__REQUIRED WORK__.
If pictures are present, leave them out, and copy the data word for word.
Content starts
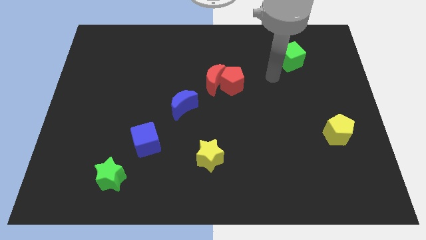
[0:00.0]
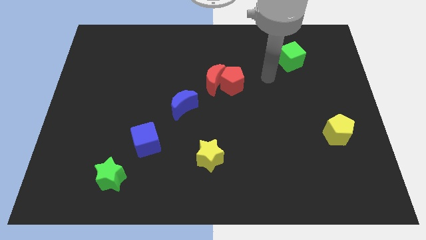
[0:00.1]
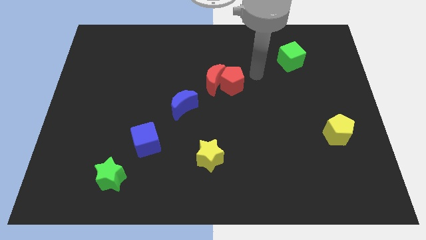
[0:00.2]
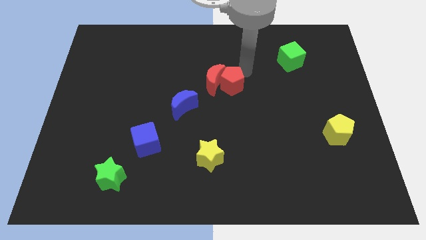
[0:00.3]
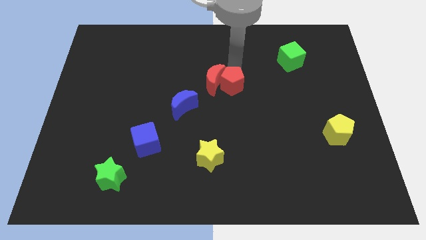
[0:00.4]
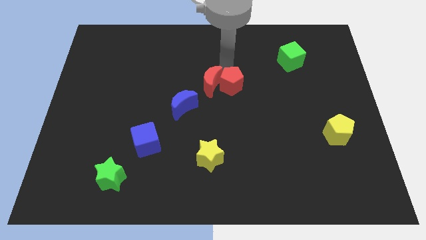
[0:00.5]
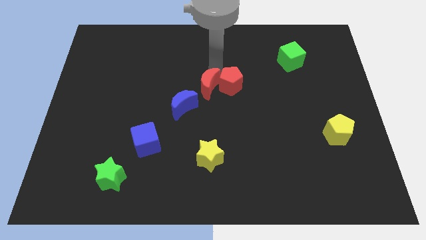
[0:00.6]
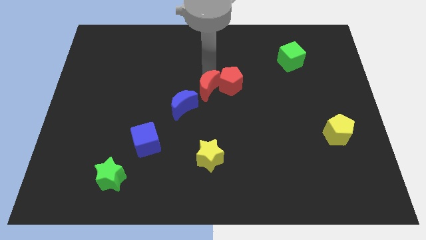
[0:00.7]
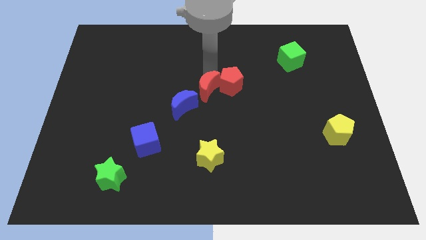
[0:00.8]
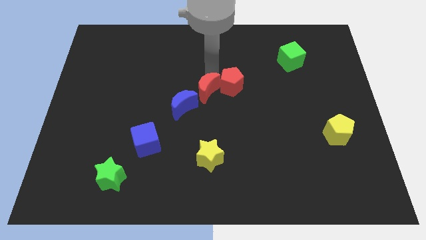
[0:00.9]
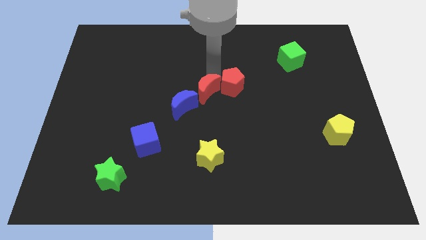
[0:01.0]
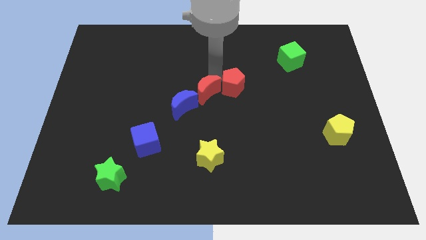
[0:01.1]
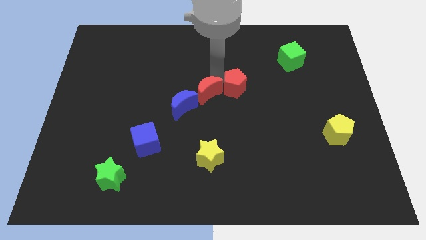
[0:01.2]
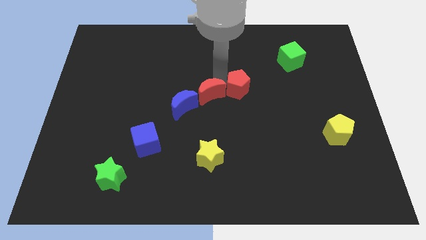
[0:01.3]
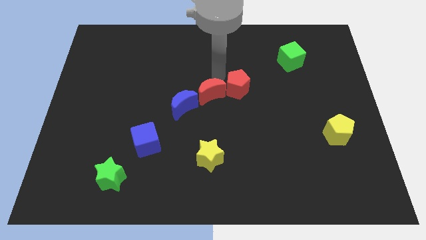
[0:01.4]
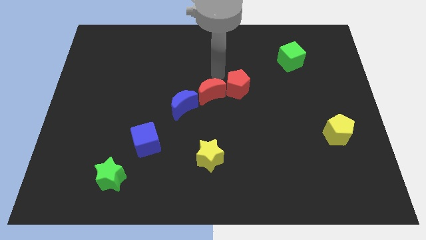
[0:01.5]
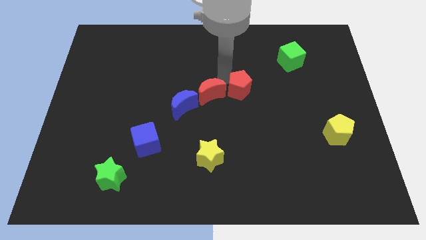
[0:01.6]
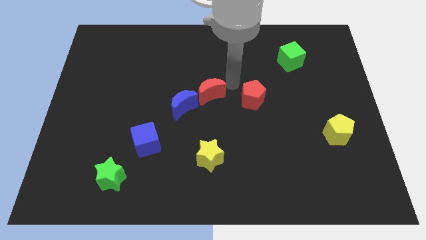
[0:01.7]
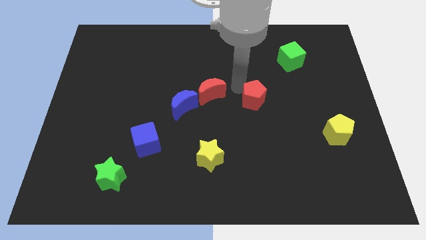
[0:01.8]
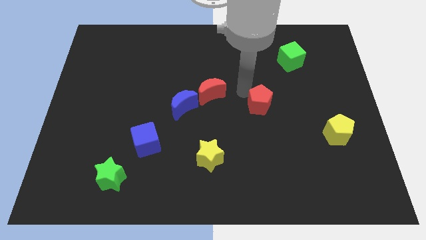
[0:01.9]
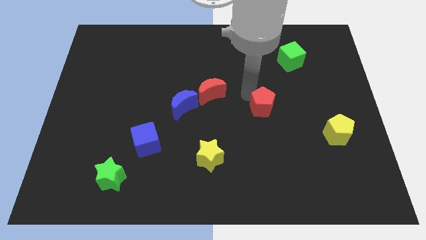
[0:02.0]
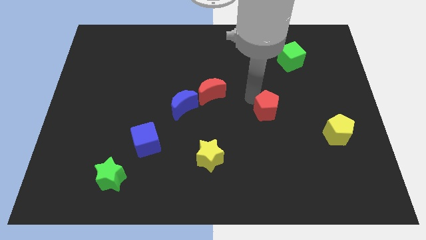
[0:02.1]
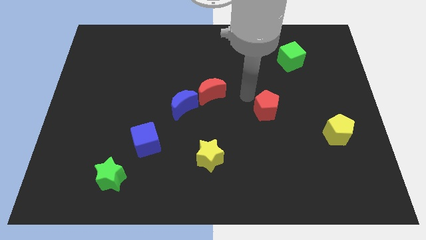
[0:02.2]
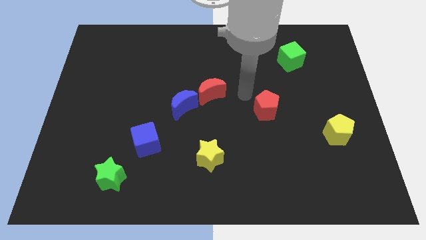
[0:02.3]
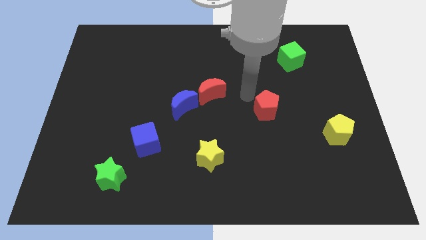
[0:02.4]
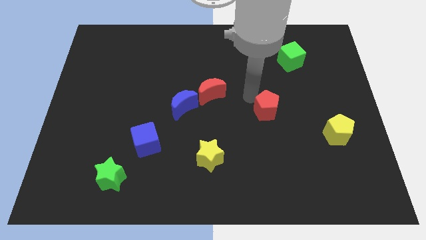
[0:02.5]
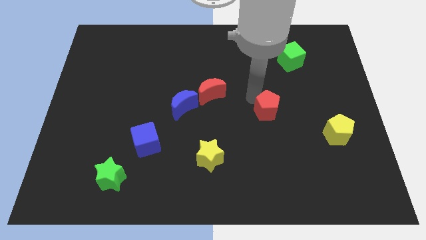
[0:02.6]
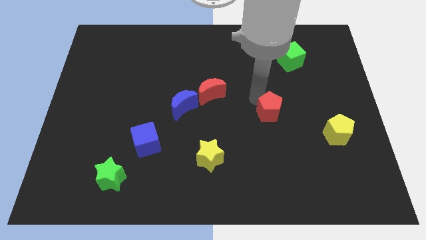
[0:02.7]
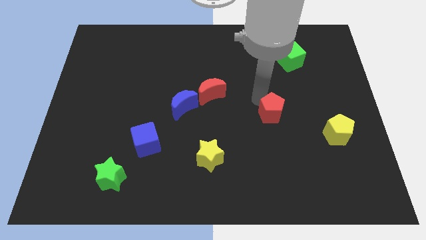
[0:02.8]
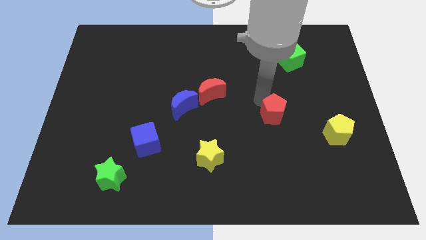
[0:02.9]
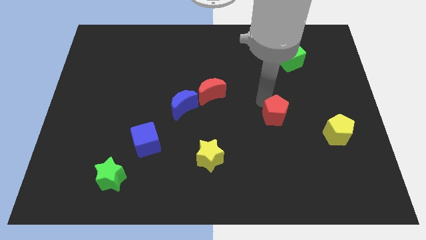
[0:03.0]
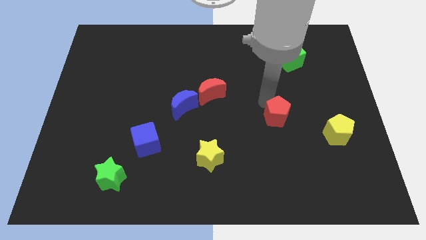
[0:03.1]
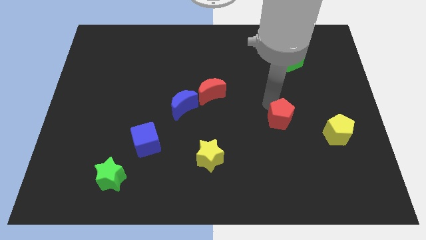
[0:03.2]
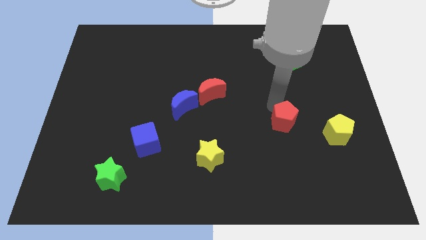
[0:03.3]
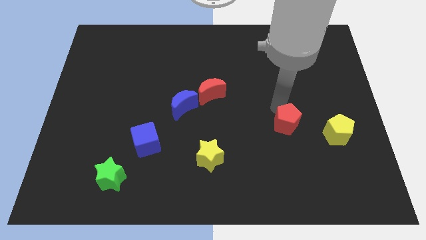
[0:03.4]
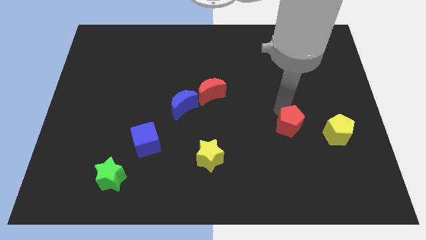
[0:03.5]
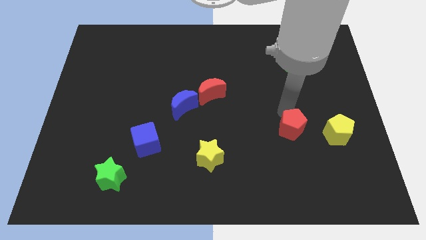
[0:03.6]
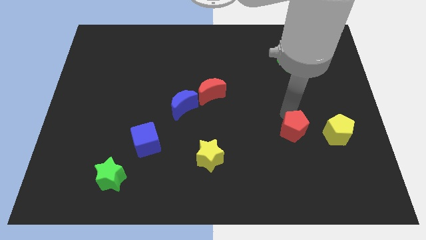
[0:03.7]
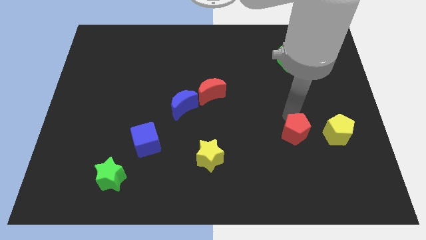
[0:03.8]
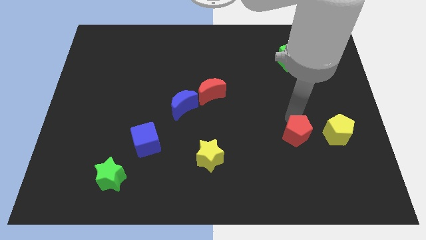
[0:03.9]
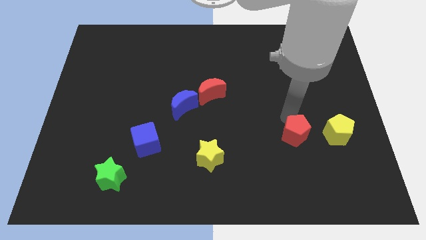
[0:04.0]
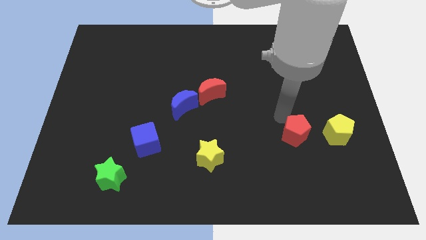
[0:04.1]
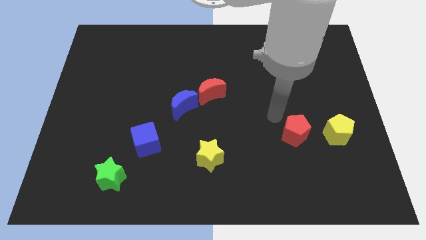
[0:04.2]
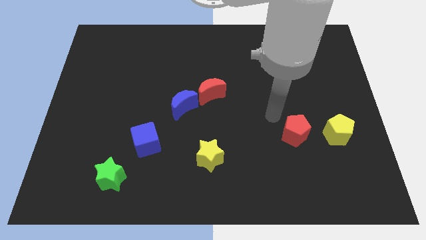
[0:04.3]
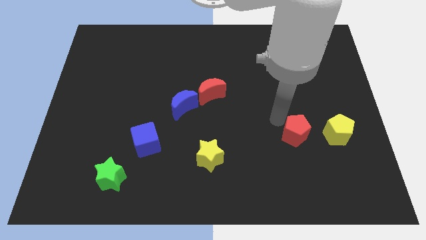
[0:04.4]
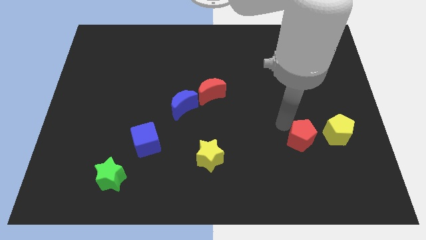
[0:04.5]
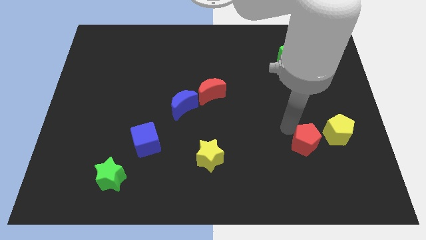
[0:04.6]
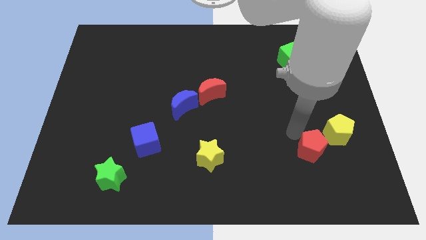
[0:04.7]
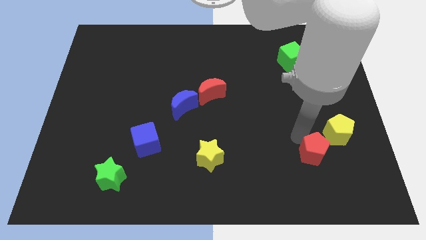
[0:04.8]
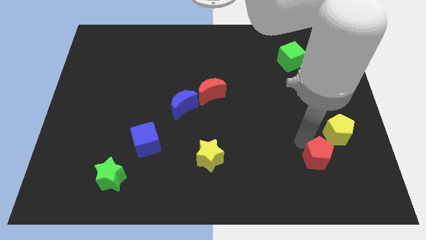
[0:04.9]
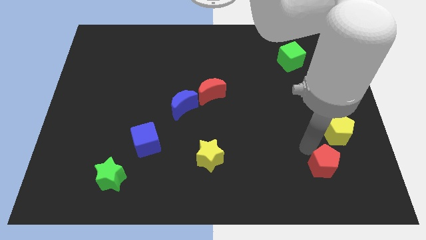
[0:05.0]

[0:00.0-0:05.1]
put the red pentagon to the bottom of the yellow pentagon
Content ends
__ANSWER TO THE EXERCISE__.
[0:00.0]
[0:00.1]
[0:00.2]
[0:00.3]
[0:00.4]
[0:00.5]
[0:00.6]
[0:00.7]
[0:00.8]
[0:00.9]
[0:01.0]
[0:01.1]
[0:01.2]
[0:01.3]
[0:01.4]
[0:01.5]
[0:01.6]
[0:01.7]
[0:01.8]
[0:01.9]
[0:02.0]
[0:02.1]
[0:02.2]
[0:02.3]
[0:02.4]
[0:02.5]
[0:02.6]
[0:02.7]
[0:02.8]
[0:02.9]
[0:03.0]
[0:03.1]
[0:03.2]
[0:03.3]
[0:03.4]
[0:03.5]
[0:03.6]
[0:03.7]
[0:03.8]
[0:03.9]
[0:04.0]
[0:04.1]
[0:04.2]
[0:04.3]
[0:04.4]
[0:04.5]
[0:04.6]
[0:04.7]
[0:04.8]
[0:04.9]
[0:05.0]

[0:00.0-0:05.1]
put the red pentagon to the bottom of the yellow pentagon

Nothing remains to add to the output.